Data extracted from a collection
Start of Block
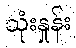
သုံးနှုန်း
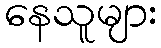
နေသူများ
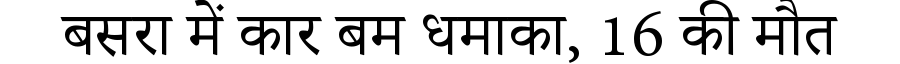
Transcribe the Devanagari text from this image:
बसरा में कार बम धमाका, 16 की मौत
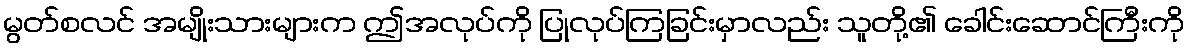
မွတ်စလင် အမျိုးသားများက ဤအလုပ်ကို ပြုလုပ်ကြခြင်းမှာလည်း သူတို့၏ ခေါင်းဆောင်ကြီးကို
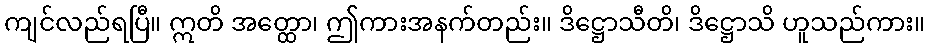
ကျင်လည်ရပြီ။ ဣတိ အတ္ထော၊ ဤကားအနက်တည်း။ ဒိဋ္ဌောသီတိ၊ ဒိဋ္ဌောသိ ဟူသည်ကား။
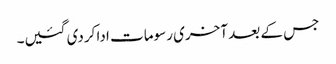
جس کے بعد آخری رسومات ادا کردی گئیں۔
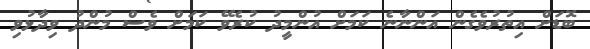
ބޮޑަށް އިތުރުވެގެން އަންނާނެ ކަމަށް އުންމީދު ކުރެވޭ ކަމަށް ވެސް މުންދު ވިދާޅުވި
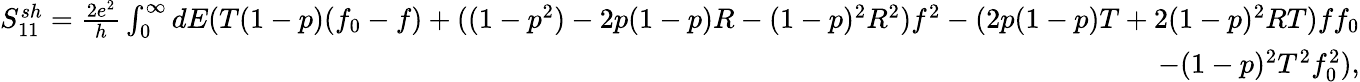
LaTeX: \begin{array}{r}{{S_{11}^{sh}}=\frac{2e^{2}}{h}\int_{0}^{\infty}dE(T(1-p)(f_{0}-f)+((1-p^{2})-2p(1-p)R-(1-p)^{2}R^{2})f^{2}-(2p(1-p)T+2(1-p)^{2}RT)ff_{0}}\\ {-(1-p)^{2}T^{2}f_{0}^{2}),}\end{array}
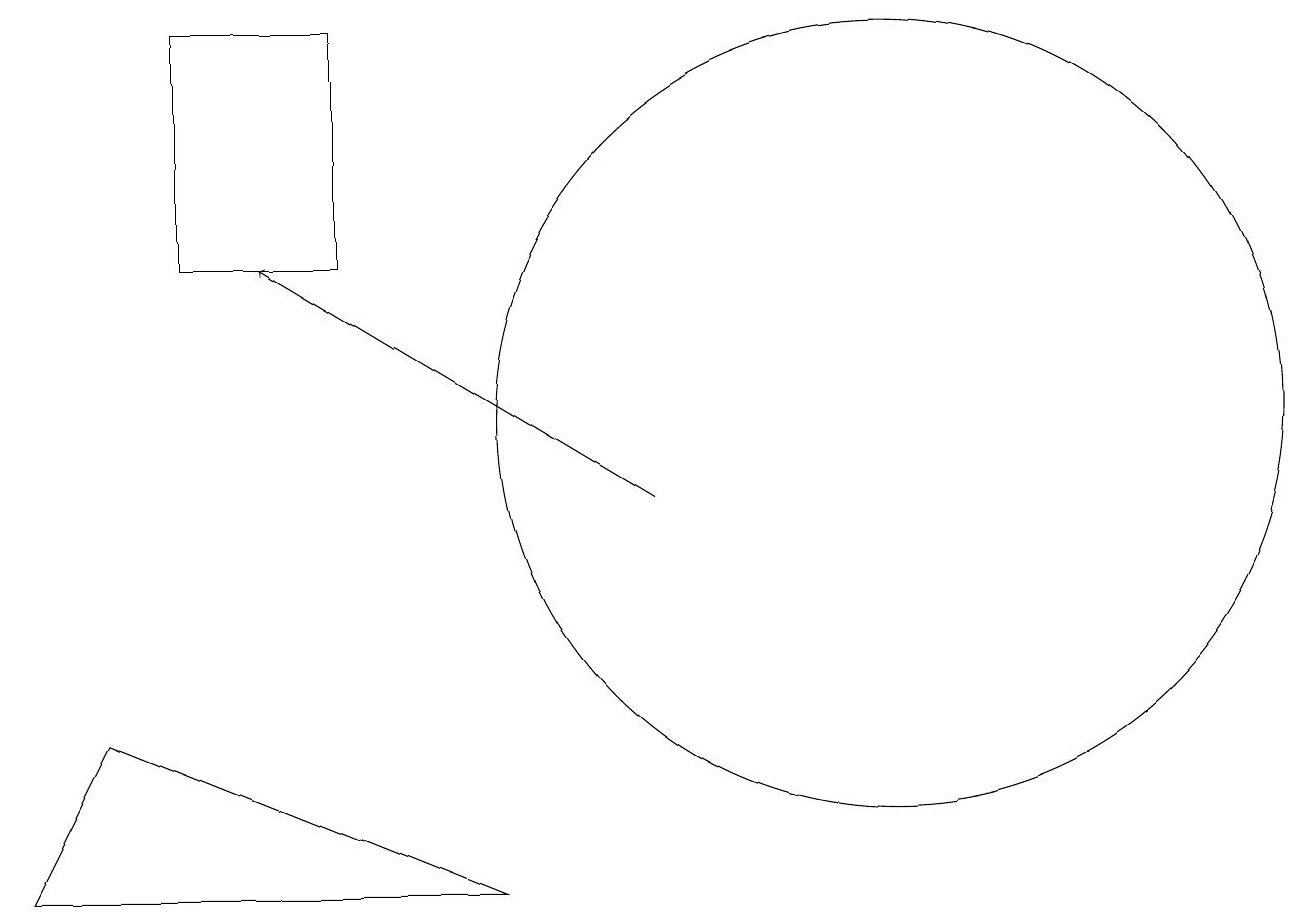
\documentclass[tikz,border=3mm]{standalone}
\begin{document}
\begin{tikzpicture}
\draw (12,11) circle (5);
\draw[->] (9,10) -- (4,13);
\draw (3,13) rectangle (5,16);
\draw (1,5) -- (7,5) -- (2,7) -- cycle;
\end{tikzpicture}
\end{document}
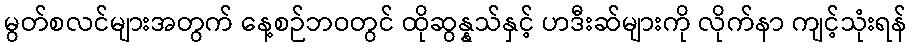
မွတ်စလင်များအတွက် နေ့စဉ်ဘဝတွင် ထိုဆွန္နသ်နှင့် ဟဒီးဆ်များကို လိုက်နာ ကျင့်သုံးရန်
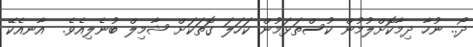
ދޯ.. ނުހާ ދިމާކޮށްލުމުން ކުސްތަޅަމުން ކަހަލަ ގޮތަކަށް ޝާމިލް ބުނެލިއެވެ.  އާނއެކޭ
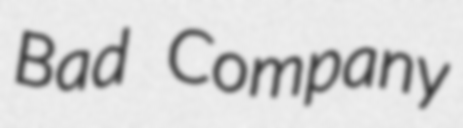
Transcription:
End of Block
▶ _WORK TO BE COMPLETED_:
The copy should hold exactly the lines from the line containing "Transcribe the Devanagari" through the last line of the records, both included, and no pictures or other lines.

▶ _SOLUTION FOR THIS TASK_:
Transcribe the Devanagari text from this image:
बसरा में कार बम धमाका, 16 की मौत
မွတ်စလင် အမျိုးသားများက ဤအလုပ်ကို ပြုလုပ်ကြခြင်းမှာလည်း သူတို့၏ ခေါင်းဆောင်ကြီးကို
ကျင်လည်ရပြီ။ ဣတိ အတ္ထော၊ ဤကားအနက်တည်း။ ဒိဋ္ဌောသီတိ၊ ဒိဋ္ဌောသိ ဟူသည်ကား။
جس کے بعد آخری رسومات ادا کردی گئیں۔
ބޮޑަށް އިތުރުވެގެން އަންނާނެ ކަމަށް އުންމީދު ކުރެވޭ ކަމަށް ވެސް މުންދު ވިދާޅުވި
LaTeX: \begin{array}{r}{{S_{11}^{sh}}=\frac{2e^{2}}{h}\int_{0}^{\infty}dE(T(1-p)(f_{0}-f)+((1-p^{2})-2p(1-p)R-(1-p)^{2}R^{2})f^{2}-(2p(1-p)T+2(1-p)^{2}RT)ff_{0}}\\ {-(1-p)^{2}T^{2}f_{0}^{2}),}\end{array}
\documentclass[tikz,border=3mm]{standalone}
\begin{document}
\begin{tikzpicture}
\draw (12,11) circle (5);
\draw[->] (9,10) -- (4,13);
\draw (3,13) rectangle (5,16);
\draw (1,5) -- (7,5) -- (2,7) -- cycle;
\end{tikzpicture}
\end{document}
မွတ်စလင်များအတွက် နေ့စဉ်ဘဝတွင် ထိုဆွန္နသ်နှင့် ဟဒီးဆ်များကို လိုက်နာ ကျင့်သုံးရန်
ދޯ.. ނުހާ ދިމާކޮށްލުމުން ކުސްތަޅަމުން ކަހަލަ ގޮތަކަށް ޝާމިލް ބުނެލިއެވެ.  އާނއެކޭ
Transcription:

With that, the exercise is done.